Politico reported in July, before Steve Bannon went back to Breitbart News, that the then-White House chief strategist was internally pushing the idea of blocking the merger.

The conservative Daily Caller cited “a source familiar with President Trump’s thinking” this summer to report that “the White House does not support the pending merger between CNN’s parent company Time Warner and AT&T if Jeff Zucker remains president of CNN.”

The New York Post’s Page Six, which Trump reads, ran a thinly sourced item around this time that said AT&T would look to “neutralize” Zucker, the president of CNN, if the merger went through.
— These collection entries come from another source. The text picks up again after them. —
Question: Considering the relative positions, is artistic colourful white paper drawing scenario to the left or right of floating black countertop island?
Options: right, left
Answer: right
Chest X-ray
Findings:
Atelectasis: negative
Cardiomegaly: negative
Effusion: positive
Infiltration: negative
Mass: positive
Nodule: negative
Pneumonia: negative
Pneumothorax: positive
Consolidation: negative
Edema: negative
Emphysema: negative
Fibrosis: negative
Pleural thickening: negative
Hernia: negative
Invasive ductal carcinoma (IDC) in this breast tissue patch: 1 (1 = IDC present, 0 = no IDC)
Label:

— The editorial boards of several newspapers are expressing alarm about the motives behind the suit:

USA Today says it “smacks of politics”: “Ever since the Nixon administration secretly meddled in antitrust policy, both parties have tried to keep raw partisan politics out of it. Presidents appoint certain types of lawyers to head the Justice Department and Federal Trade Commission antitrust units, then leave them alone to conduct independent reviews that follow the facts and the law. At least that was the practice until Trump became president. . . . None of this makes any sense outside of political vendettas. Turner Broadcasting is fairly small potatoes in terms of market power. . . . If the AT&T-Time Warner case goes to court, the administration is highly likely to lose, but not before wasting a lot of taxpayer and shareholder money on legal fees in the process.”
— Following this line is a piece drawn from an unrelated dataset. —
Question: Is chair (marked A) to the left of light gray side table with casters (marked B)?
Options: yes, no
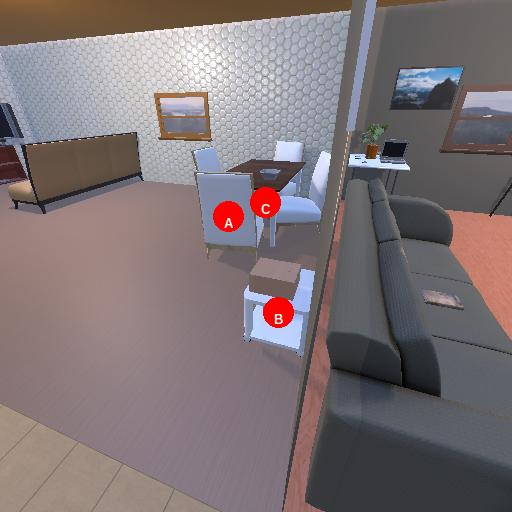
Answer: yes

The Chicago Sun-Times frets that “Trump is behaving again like a tin-pot dictator, trying to punish a media company that has dared to cover him honestly, aggressively and accurately”: “The president has called on the Justice Department to open an investigation into bogus scandals involving . . . his opponent in last year’s election. As a candidate, Trump threatened Jeff Bezos, the owner of The Washington Post, with ‘such problems’ once he got elected. Just last month, Trump threatened to look into pulling NBC’s broadcasting license after the network reported that the president was contemplating a dramatic increase in the nation’s nuclear arsenal. . . . When Trump threatens to use the powers of government against his critics and foes, as if a federal agency were just a weapon for his personal use, he makes it tough for anybody to believe that any major policy decision by his administration is being judged on its merits.”
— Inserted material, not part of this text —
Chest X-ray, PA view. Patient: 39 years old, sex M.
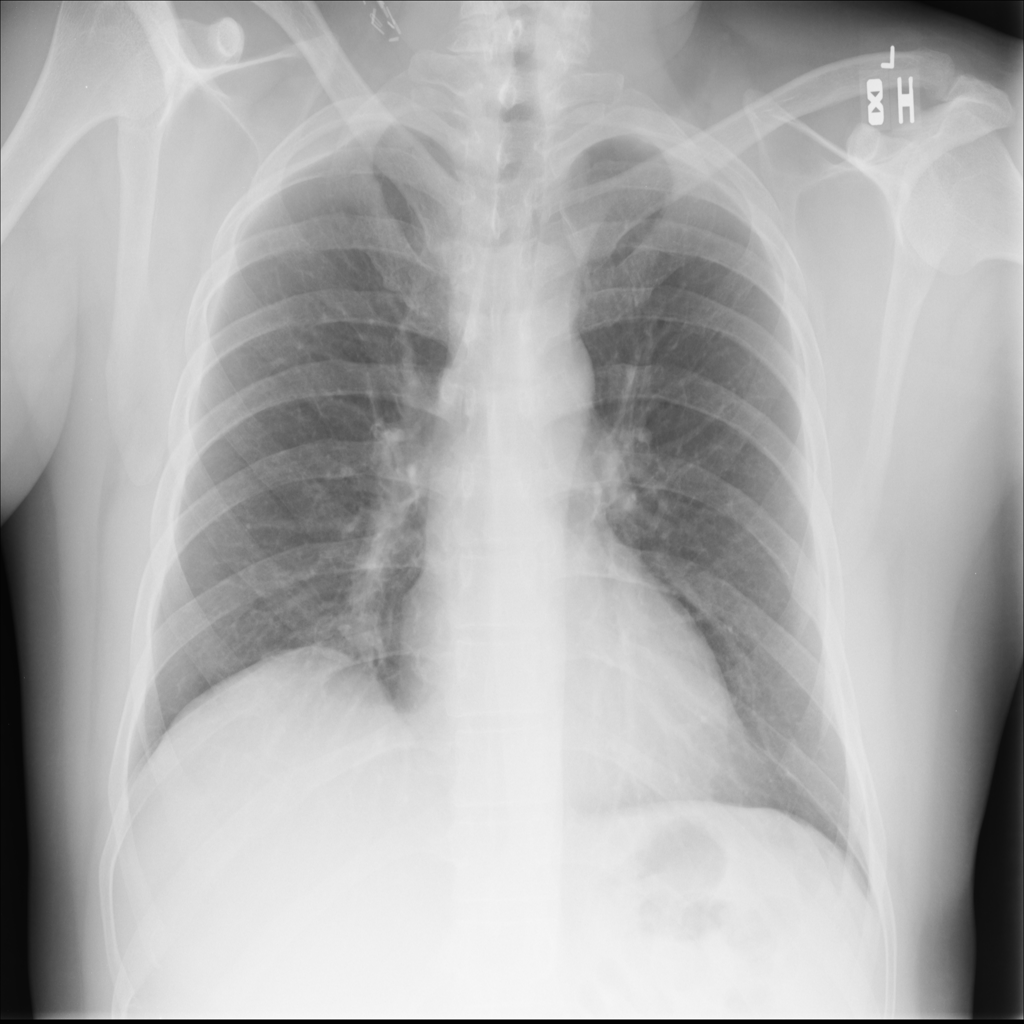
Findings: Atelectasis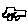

The Washington Post Editorial Board is calling for congressional hearings: “The acquisition may pose legitimate antitrust concerns – but Mr. Trump’s behavior raises the specter of political retaliation, which in turn increases the need for transparency . . . The Senate subcommittee on antitrust, competition policy and consumer rights should exercise its oversight responsibility and convene a hearing on the matter. If the White House exerted improper influence over the Justice Department in the interest of punishing a political enemy, the public has a right to know. If suspicions are unfounded, then a hearing will work to dispel them. The White House has put itself in a position where the nation may reasonably presume bad faith. If it wants trust, it must now earn it.”

— The former chief White House ethics lawyer under George W. Bush weighed in on Twitter Tuesday morning:

Richard W. Painter tweeted “The entire point of the DOJ suit against the ATT -Time Warner deal is to retaliate against CNN, force sale to Rupert Murdoch. Congress must investigate now!”